What needs to be done »
State the number of lines in the records underneath where the word "well" turns up, and say nothing else.

[Stored data]
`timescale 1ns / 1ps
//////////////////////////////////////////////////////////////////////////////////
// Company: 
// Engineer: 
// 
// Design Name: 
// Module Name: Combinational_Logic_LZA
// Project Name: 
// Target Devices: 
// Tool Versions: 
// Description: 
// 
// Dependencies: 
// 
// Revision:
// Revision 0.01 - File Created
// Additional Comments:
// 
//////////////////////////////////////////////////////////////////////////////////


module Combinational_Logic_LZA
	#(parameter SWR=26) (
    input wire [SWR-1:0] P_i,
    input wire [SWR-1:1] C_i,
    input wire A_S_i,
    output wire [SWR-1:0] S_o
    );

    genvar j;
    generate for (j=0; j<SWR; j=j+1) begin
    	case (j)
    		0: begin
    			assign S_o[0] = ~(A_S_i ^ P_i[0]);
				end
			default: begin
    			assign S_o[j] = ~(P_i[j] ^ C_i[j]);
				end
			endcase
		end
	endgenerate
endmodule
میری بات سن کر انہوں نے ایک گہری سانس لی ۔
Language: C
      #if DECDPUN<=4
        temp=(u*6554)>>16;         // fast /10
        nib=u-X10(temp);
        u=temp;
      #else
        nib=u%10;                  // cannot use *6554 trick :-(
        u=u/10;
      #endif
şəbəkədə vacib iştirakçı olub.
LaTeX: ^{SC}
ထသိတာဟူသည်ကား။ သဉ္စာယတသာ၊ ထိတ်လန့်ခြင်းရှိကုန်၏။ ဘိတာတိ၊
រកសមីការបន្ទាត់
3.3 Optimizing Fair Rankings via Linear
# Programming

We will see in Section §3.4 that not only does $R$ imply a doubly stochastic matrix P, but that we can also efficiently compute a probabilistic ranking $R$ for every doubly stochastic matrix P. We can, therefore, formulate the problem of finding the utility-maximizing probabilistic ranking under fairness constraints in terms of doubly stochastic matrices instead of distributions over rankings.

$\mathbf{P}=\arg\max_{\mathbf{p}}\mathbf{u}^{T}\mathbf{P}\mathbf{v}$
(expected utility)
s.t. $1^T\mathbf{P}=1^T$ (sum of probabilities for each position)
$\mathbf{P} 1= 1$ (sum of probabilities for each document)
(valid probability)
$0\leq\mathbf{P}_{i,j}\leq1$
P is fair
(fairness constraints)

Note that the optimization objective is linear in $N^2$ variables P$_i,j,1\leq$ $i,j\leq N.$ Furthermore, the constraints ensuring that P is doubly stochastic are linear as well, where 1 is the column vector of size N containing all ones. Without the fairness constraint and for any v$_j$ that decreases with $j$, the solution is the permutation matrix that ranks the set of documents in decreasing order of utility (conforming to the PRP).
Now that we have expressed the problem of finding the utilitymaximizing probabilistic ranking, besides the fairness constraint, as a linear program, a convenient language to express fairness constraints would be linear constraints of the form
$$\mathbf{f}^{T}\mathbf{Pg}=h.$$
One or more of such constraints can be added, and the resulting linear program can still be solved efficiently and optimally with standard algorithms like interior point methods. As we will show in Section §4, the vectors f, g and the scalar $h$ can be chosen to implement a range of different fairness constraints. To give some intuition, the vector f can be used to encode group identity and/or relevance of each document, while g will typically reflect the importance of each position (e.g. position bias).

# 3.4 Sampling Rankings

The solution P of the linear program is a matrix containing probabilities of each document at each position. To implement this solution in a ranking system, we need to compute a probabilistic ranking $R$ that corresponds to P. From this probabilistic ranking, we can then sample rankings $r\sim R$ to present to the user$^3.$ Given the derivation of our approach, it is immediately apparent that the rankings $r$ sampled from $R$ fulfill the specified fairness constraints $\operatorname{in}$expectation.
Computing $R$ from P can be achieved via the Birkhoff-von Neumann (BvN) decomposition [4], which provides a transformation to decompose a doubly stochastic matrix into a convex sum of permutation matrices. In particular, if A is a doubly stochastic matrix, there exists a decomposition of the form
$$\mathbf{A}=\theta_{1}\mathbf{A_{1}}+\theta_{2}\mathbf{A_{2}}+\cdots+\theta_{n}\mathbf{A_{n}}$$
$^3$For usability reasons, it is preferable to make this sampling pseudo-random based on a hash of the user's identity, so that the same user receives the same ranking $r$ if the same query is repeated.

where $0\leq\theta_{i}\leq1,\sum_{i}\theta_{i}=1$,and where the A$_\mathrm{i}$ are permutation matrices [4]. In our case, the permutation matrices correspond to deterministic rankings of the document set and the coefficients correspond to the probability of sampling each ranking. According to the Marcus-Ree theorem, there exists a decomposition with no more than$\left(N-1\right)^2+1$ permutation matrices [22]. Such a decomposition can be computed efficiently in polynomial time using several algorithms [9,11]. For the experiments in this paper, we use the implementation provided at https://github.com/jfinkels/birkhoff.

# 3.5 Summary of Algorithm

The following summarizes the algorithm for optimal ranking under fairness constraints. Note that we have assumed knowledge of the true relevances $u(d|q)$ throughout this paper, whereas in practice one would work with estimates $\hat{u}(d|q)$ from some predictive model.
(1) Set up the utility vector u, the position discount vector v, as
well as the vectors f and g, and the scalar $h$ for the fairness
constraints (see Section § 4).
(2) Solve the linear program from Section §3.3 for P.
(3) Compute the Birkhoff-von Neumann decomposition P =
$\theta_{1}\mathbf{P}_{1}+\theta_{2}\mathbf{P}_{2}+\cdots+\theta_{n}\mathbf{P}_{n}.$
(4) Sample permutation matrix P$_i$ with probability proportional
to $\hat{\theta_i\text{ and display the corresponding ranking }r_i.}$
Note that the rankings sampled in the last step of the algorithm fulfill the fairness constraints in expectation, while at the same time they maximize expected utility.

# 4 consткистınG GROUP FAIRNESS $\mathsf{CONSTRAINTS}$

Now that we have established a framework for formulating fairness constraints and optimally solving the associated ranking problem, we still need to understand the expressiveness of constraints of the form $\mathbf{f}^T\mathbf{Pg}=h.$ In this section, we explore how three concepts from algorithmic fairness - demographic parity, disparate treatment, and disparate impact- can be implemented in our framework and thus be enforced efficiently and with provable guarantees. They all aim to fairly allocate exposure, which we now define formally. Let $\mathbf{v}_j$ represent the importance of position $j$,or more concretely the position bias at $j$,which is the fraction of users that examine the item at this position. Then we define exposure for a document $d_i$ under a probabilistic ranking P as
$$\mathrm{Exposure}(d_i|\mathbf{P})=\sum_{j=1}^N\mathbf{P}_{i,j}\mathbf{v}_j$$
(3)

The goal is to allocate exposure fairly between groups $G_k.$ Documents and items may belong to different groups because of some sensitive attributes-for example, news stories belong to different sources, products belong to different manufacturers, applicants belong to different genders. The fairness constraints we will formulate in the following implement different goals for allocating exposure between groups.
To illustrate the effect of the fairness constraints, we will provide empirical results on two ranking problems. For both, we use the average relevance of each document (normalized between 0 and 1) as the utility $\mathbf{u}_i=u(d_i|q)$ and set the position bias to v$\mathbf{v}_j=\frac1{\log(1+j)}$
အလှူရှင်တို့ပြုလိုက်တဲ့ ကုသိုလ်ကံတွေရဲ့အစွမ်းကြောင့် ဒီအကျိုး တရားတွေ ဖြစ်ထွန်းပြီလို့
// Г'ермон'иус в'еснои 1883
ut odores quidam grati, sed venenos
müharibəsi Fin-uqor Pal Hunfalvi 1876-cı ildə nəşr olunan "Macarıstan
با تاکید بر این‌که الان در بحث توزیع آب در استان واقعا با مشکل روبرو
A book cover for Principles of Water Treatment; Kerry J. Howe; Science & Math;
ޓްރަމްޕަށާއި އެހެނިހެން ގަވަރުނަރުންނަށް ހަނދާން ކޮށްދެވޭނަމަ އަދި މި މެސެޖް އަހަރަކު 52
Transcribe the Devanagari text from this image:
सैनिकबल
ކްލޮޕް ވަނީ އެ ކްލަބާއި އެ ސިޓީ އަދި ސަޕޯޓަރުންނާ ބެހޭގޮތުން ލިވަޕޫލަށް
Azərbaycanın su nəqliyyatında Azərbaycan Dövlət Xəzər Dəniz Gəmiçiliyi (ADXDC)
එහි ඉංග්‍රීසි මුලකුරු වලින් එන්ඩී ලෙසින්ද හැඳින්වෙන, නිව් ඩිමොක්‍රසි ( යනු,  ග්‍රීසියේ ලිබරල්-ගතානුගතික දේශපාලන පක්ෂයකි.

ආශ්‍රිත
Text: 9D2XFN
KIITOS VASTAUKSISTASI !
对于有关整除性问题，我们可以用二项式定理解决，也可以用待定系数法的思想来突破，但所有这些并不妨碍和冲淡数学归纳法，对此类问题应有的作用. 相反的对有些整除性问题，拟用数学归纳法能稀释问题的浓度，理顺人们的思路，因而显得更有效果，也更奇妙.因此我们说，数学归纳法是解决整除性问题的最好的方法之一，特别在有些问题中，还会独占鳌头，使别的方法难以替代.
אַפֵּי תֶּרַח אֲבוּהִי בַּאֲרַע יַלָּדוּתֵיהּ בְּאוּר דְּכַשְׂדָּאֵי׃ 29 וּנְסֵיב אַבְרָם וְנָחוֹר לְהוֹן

Result »
2